The 1200+ is way above the 600L as you would expect, but for some reason I thought it would even be brighter. Perhaps the earlier comments about it being underdriven to maximize battery life are the limitations. I ran the 1200+ on low during climbing and high on decents, despite being reasonably warm, the light stayed cool - warm, so the larger fins appear to be doing there job of keeping the light cool.

My only complaint the the bar mount. Yes it works, it is easy to attach or detach. The problem is that I run a handle bar with a fair amount of rise. Regardless if I run close to the stem or close to the shifter the light is angled. Not certain if this is reducing the amount of light being aimed where I want it or is just more of an annoyance.

I didn't try the helmet mount as I already had my 400L mounted on the helmet. Perhaps next up is a try with the 1200+ on the helmet and the 600L on the bars?

And lastly no beam shot pictures.

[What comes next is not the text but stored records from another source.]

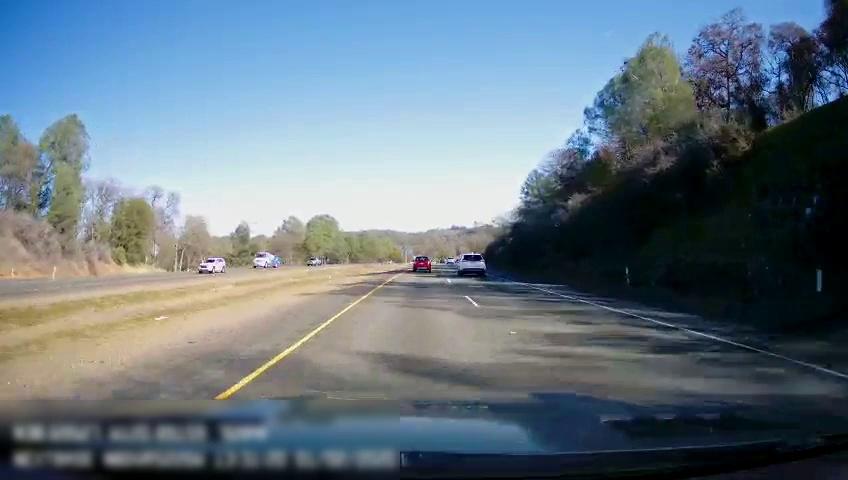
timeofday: Day
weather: Sunny
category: Drivable Space
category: Drivable Space
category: Vehicles | SUV
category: Vehicles | Other LV
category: Vehicles | Truck
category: Vehicles | Car
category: Vehicles | SUV
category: Vehicles | SUV
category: Lanes | Current Lane
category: Lanes | Current Lane
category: Lanes | Alternate Lane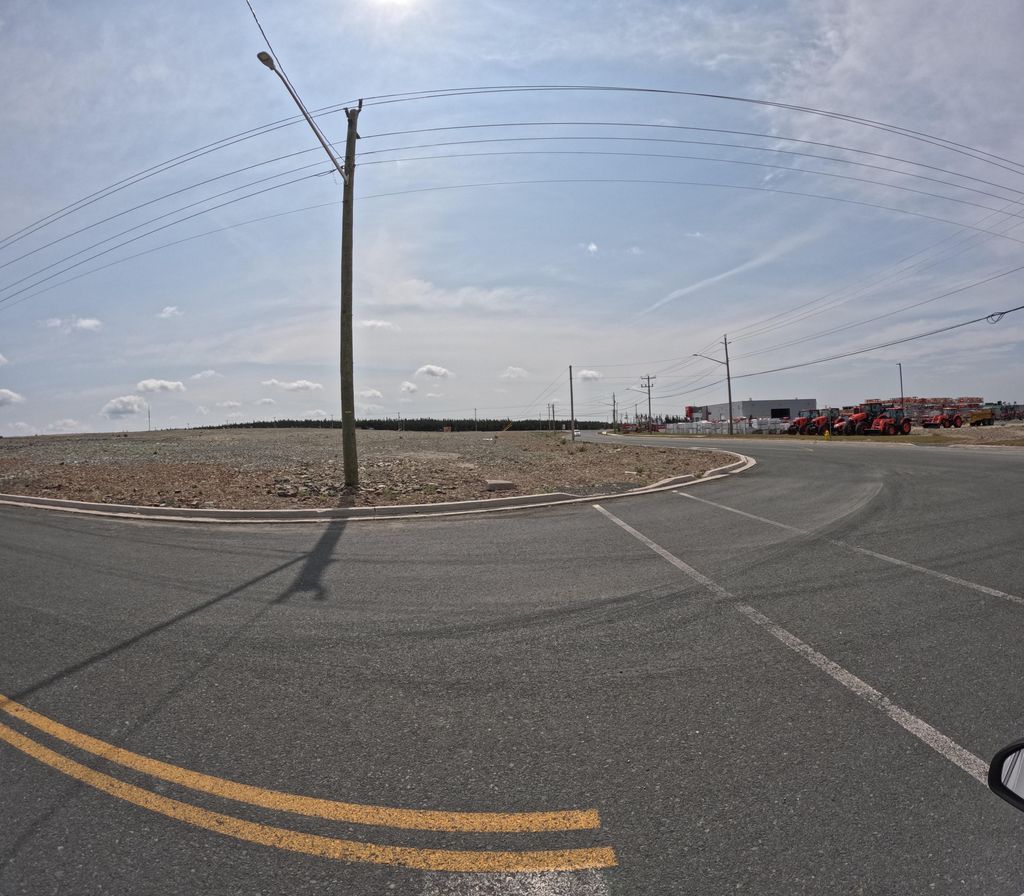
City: st_johns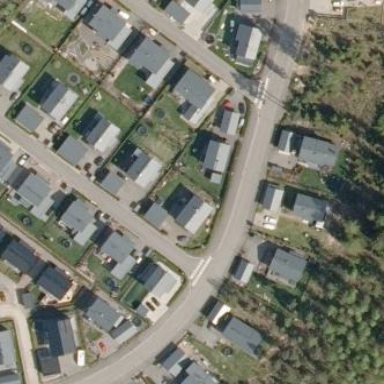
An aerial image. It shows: Residential area.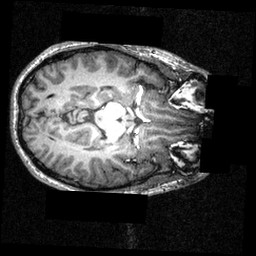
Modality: T1w
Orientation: axial
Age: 22
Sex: male
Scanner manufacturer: siemens
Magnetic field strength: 3.951 T
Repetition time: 1.5 s
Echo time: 0.00335 s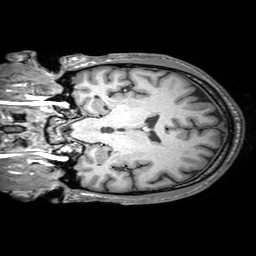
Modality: T1w
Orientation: coronal
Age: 48
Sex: male
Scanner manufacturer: philips
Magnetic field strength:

I did try a couple of shots in my backyard but they were completely crap. My lack of camera skills combined with a camera that will not run fully manual is to blame. Will try again but don't hold your breathe.

Oh yah one final note, the light is wicked for commuting as well. One of the flash modes appears to cycle between low and high power, so you always have a beam on the road for illumination, but then it flashes to high to really alert anyone around you. Even the cars notice, which is the point, right.


----------



## eyeballs19 (Jan 17, 2007)

I just got a 1200+ and wanted to share some observations. I have way too many lights (a sickness, plus my eyes struggle at night) so I have some perspective.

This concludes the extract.